(Stored dataset items)
BEGIN
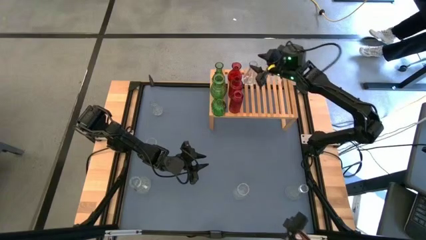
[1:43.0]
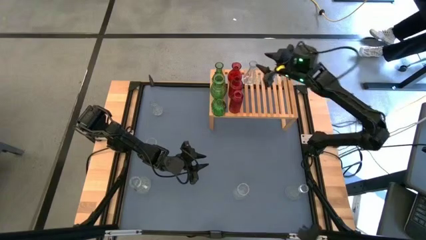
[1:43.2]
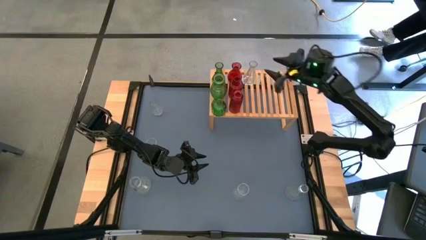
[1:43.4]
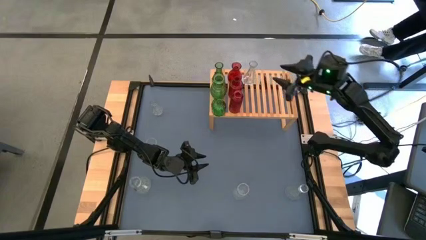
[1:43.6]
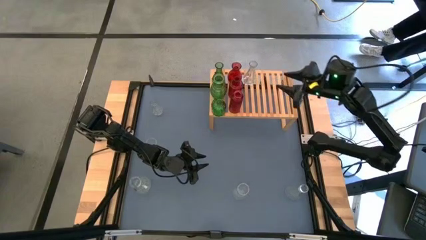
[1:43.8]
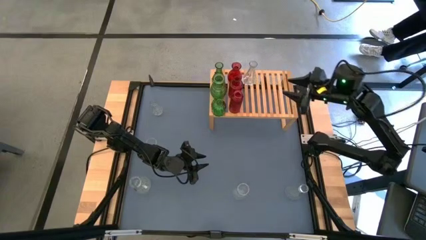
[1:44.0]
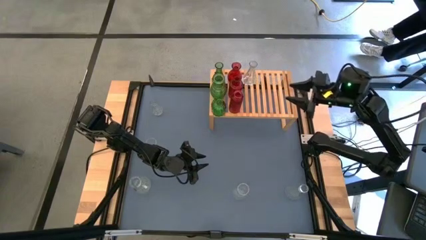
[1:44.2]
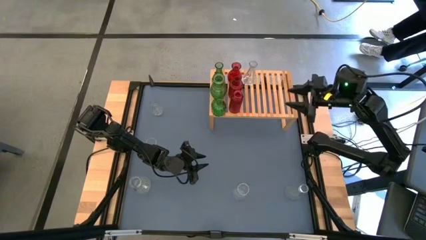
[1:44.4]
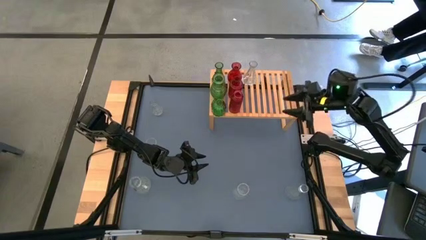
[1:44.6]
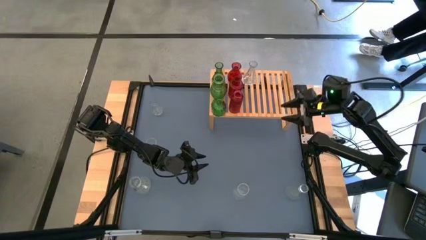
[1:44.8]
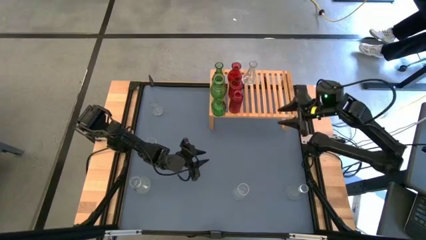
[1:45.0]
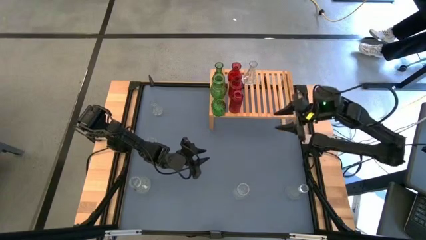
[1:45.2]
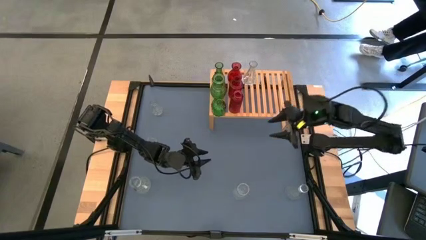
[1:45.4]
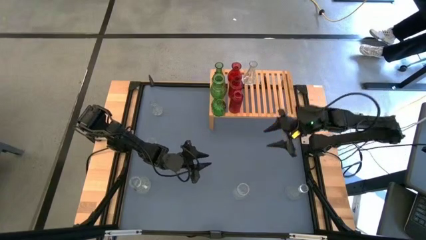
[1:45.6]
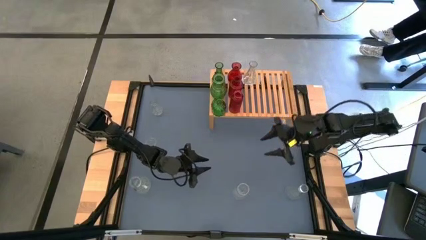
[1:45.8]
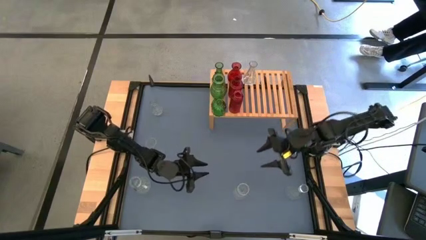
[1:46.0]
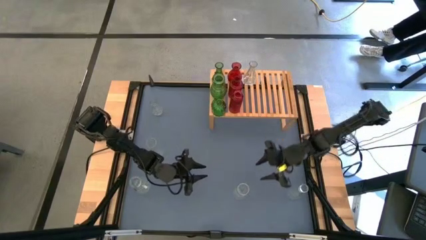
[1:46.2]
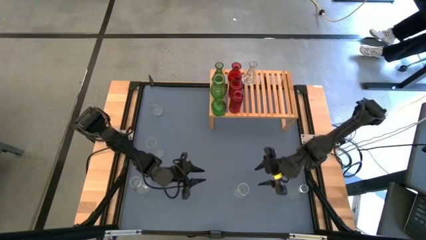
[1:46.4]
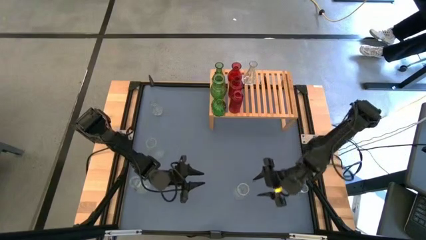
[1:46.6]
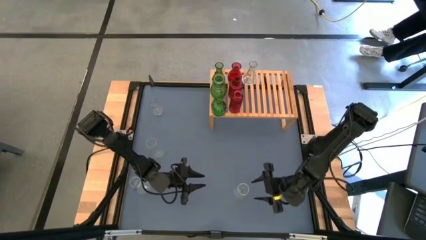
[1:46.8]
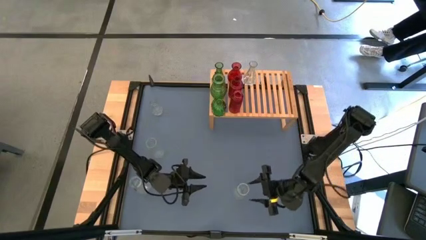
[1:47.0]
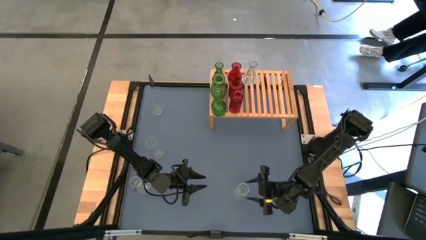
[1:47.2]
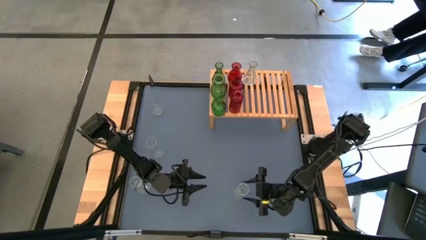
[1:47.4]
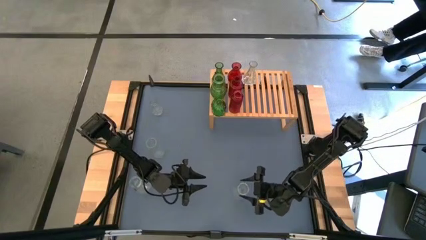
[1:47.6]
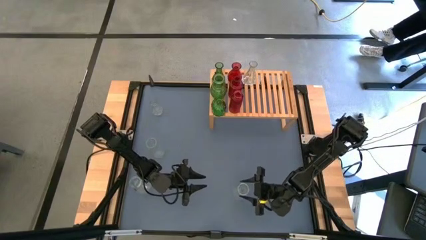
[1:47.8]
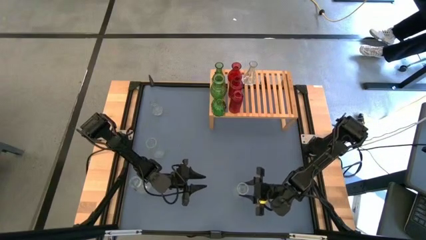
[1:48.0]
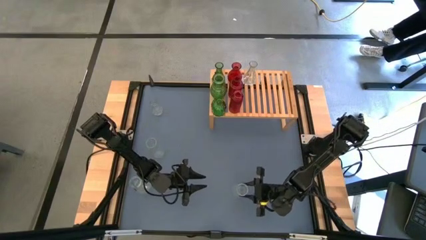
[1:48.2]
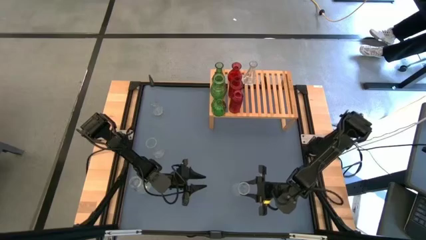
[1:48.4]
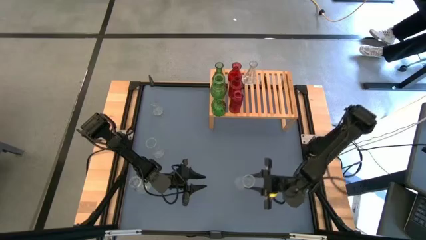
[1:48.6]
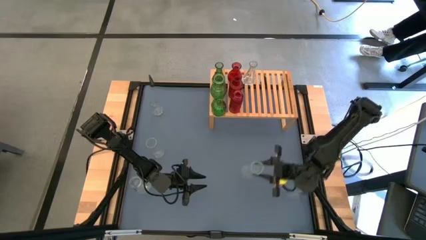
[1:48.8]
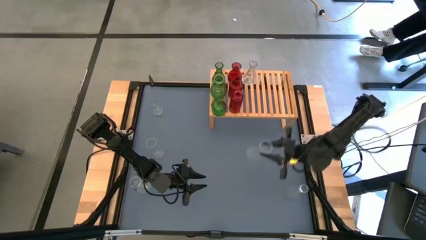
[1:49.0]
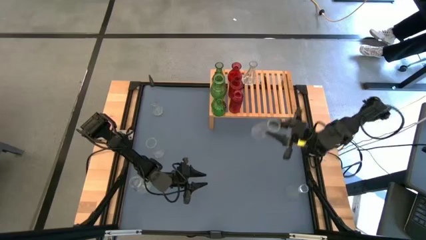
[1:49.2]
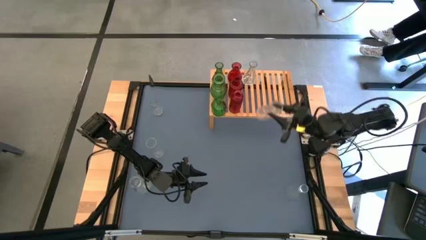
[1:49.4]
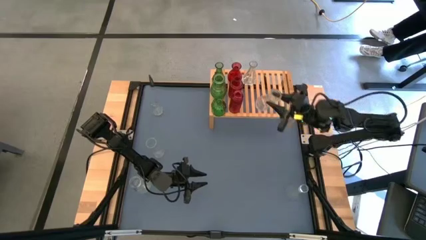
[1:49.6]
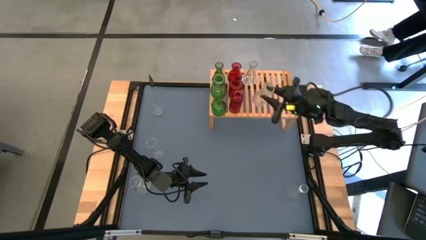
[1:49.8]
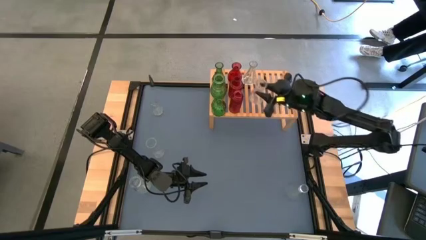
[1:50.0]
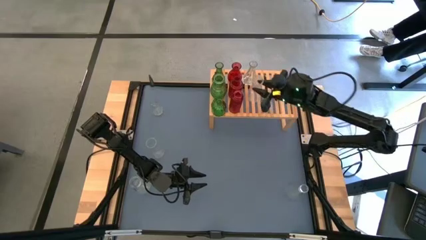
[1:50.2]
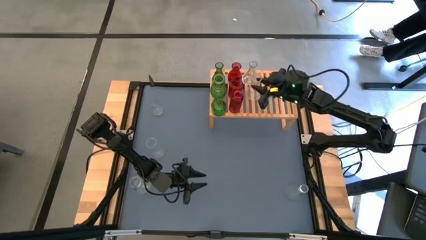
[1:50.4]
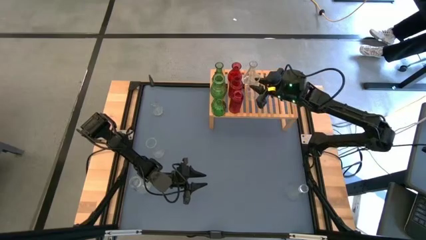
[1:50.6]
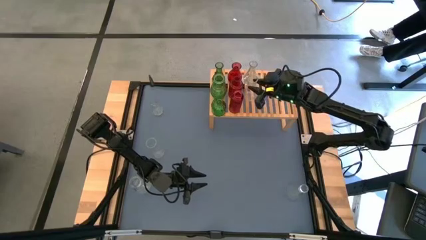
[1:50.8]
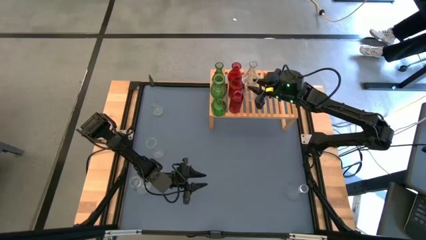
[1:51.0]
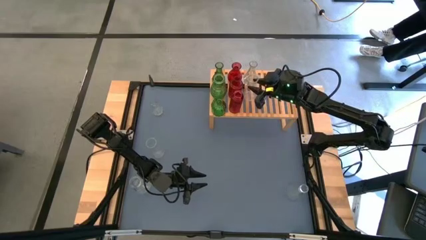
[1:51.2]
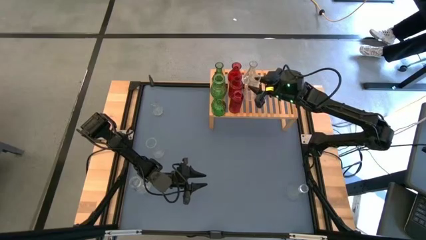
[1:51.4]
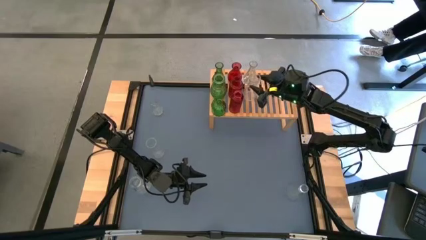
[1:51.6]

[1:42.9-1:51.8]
Task: sort vases onto shelf
Put the bottom center transparent vase on the shelf, aligned with the other transparent vase
END
§ Your instructions
The answer should consist of every line above, exact and free of images.

§ The answer
[1:43.0]
[1:43.2]
[1:43.4]
[1:43.6]
[1:43.8]
[1:44.0]
[1:44.2]
[1:44.4]
[1:44.6]
[1:44.8]
[1:45.0]
[1:45.2]
[1:45.4]
[1:45.6]
[1:45.8]
[1:46.0]
[1:46.2]
[1:46.4]
[1:46.6]
[1:46.8]
[1:47.0]
[1:47.2]
[1:47.4]
[1:47.6]
[1:47.8]
[1:48.0]
[1:48.2]
[1:48.4]
[1:48.6]
[1:48.8]
[1:49.0]
[1:49.2]
[1:49.4]
[1:49.6]
[1:49.8]
[1:50.0]
[1:50.2]
[1:50.4]
[1:50.6]
[1:50.8]
[1:51.0]
[1:51.2]
[1:51.4]
[1:51.6]

[1:42.9-1:51.8]
Task: sort vases onto shelf
Put the bottom center transparent vase on the shelf, aligned with the other transparent vase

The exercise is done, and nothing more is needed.